Exit of UnitedHealthcare, CO-OPs Doesn’t Spell Doom For ACA Exchanges, Report Says


There has been consternation over whether the possible withdrawal of health insurance giant UnitedHealthcare from the Affordable Care Act exchanges spells doom for the online marketplaces. Added to that has been worry that the failure of 12 of the 23 non-profit CO-OPs set up under the ACA with government funding will limit competition.

But an Urban Institute/Robert Wood Johnson Foundation (RWJF) study concludes those events are not so ominous for the success of the ACA. In fact, United, the nation’s largest health insurer, and the Consumer Operated and Oriented Plans “have not been major players in many markets and their exits will not be overly disruptive," it says.

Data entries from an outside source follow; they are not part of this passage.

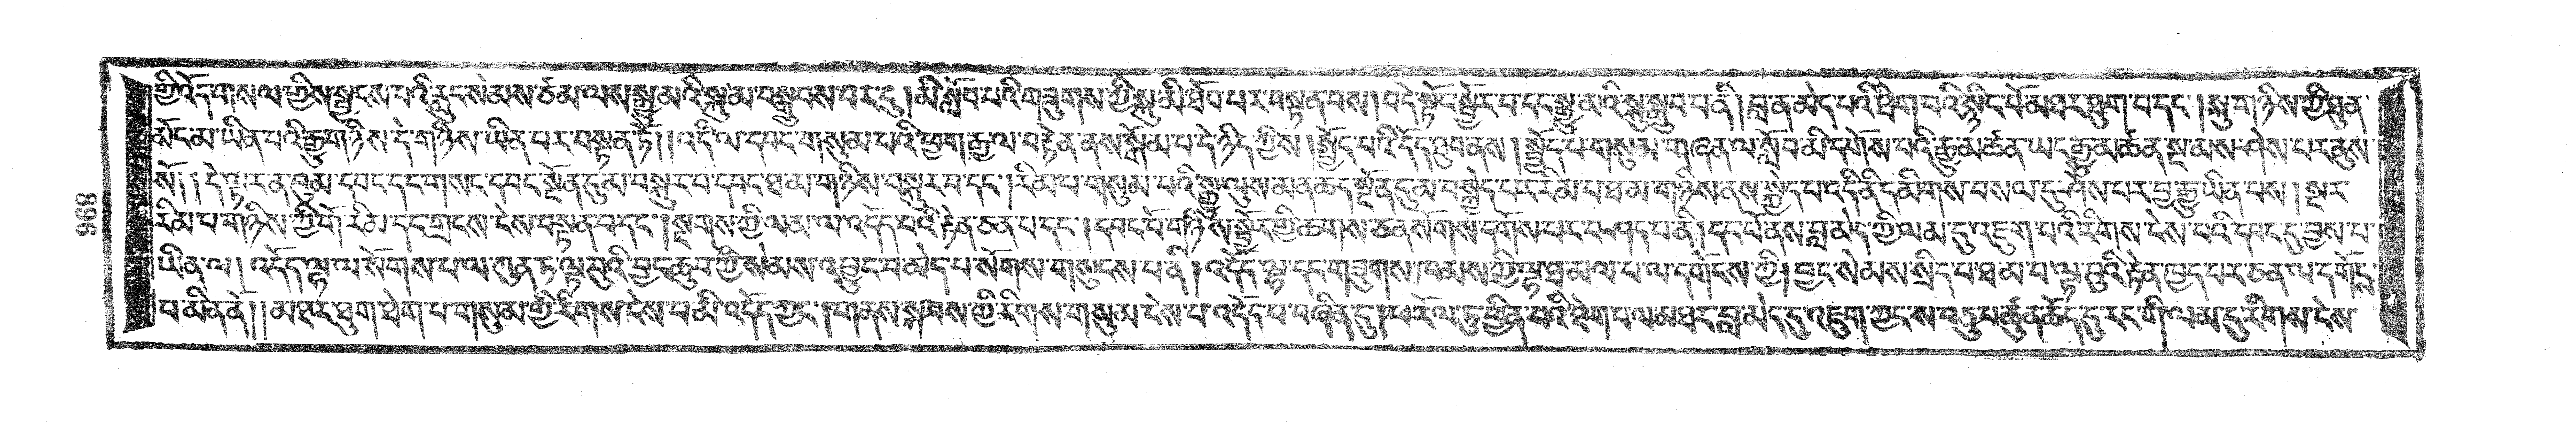གྱི་འོད་གསལ་གྱིས་སྦྱངས་པའི་རླུང་སེམས་ཙམ་ལས་སྒྱུ་མའི་སྐུ་མ་བསྒྲུབས་པར་དུ། མི་སློབ་པའི་གཟུགས་ཀྱི་སྐུ་མི་ཐོབ་པར་བསྟན་པས། བདེ་སྟོང་སྦྱོར་བ་དང་སྒྱུ་མའི་སྐུ་སྒྲུབ་པ་ནི། བླ་ན་མེད་པའི་ཐེག་པའི་སྙིང་པོ་མཐར་ཐུག་པ་དང་། སྐུ་གཉིས་ཀྱི་ཐུན་
མོང་མ་ཡིན་པའི་རྒྱུ་གཉིས་དེ་གཉིས་ཡིན་པར་བསྟན་ཏོ། །འདི་ལ་དབང་གསུམ་པའི་ཕྱག་རྒྱ་ལ་བརྟེན་ནས་སྒོམ་པ་དེ་ཉིད་ཀྱིས། སྤྱོད་པའི་དོད་ཐུབ་ནས། སྤྱོད་པ་གསུམ་གཞན་ལ་སློབ་མི་དགོས་པའི་རྒྱུ་མཚན་ཡང་རྒྱུ་མཚན་སྔ་མས་ཤེས་པར་ནུས་
སོ༑ ༑དེ་ལྟར་ན་བུམ་དབང་དང་གསང་དབང་སྔོན་དུ་མ་བསྐུར་བ་དབང་ཐ་མ་གཉིས་བསྐུར་བ་དང་། རིམ་པ་གསུམ་པའི་སྒྱུ་ལུས་མན་ཆད་སྔོན་དུ་མ་བསྐྱེད་པར་རིམ་པ་ཐ་མ་གཉིས་ནས་སྐྱེད་པ་འདི་ནི་དམིགས་བསལ་དུ་ཤེས་པར་བྱ་རྒྱུ་ཡིན་པས། སྔར་
རིམ་པ་གཉིས་ཀྱི་གོ་རིམ་དང་གྲངས་ངེས་བསྟན་པ་དང་། སྔགས་ཀྱི་ལམ་ལ་འདོད་པའི་རྟེན་ཅན་པ་དང་། དབང་པོ་གཉིས་སྦྱོར་གྱི་ཆགས་ཅན་སོགས་དགོས་པར་བཤད་པ་ནི། དང་པོ་ནས་བླ་མེད་ཀྱི་ལམ་དུ་འཇུག་པའི་རིགས་ངེས་པའི་དབང་དུ་བྱས་པ་
ཡིན་ལ། འདོད་ལྷ་ལ་སོགས་པ་ལ་ཀུན་ཏ་ལྟ་བུའི་བྱང་ཆུབ་ཀྱི་སེམས་འབྱུང་བ་མེད་པ་སོགས་གསུངས་པ་ནི། འདོད་ལྷ་དང་གཟུགས་ཁམས་ཀྱི་ལྷ་ཐ་མལ་པ་ལ་དགོངས་ཀྱི། བྱང་སེམས་སྲིད་པ་ཐ་མ་པ་ལྟ་བུའི་རྟེན་ཁྱད་པར་ཅན་ལ་དགོངས་
པ་མིན་ནོ། །མཐར་ཐུག་ཐེག་པ་གསུམ་གྱི་རིགས་ངེས་པ་མི་འདོད་ཀྱང་། གནས་སྐབས་ཀྱི་རིགས་གསུམ་ངེས་པ་འདོད་པ་བཞིན་དུ། ཕ་རོལ་ཏུ་ཕྱིན་པའི་ཐེག་པ་ལ་མཐར་བླ་མེད་དུ་འཇུག་ཀྱང་ས་བཅུ་པ་ཚུན་ཆོད་དུ་རང་གི་ལམ་དུ་རིགས་ངེས་

United Health Group Inc., the parent company of UnitedHealthcare, said it lost about $475 million on ACA policies in 2015 and expects to lose at least $500 million in 2016. The company has said it may quit the program in 2017.

Nevertheless, Blue Cross-affiliated insurers, managed care plans that previously served the Medicaid population and provider-sponsored plans are increasingly dominating the competition in the exchanges, the report said.

The more serious concerns for the exchange markets are “affordability, network adequacy, outreach and enrollment funding, sufficiency of risk adjustment, and possible adverse selection against the nongroup market as a whole during special enrollment periods,” the report said.

However, Kathy Hempstead, who directs coverage issues at the RWJF, said that insurers are making their plans more economically viable by moving to narrower, lower-cost provider networks. And the Department of Health and Human Services also has limited insurer losses by reducing the number of special enrollment periods in which people can sign up outside of the normal enrollment periods. Health plans have complained that people enrolling during the special enrollment periods have proved to have higher medical claims than people enrolling during the normal enrollment period.

“My expectation is that there will not be the same kind of losses in 2016” as there were in 2015, Hempstead said. “Will it be a garden party? I’m not saying that, but I think it’s going to be better.”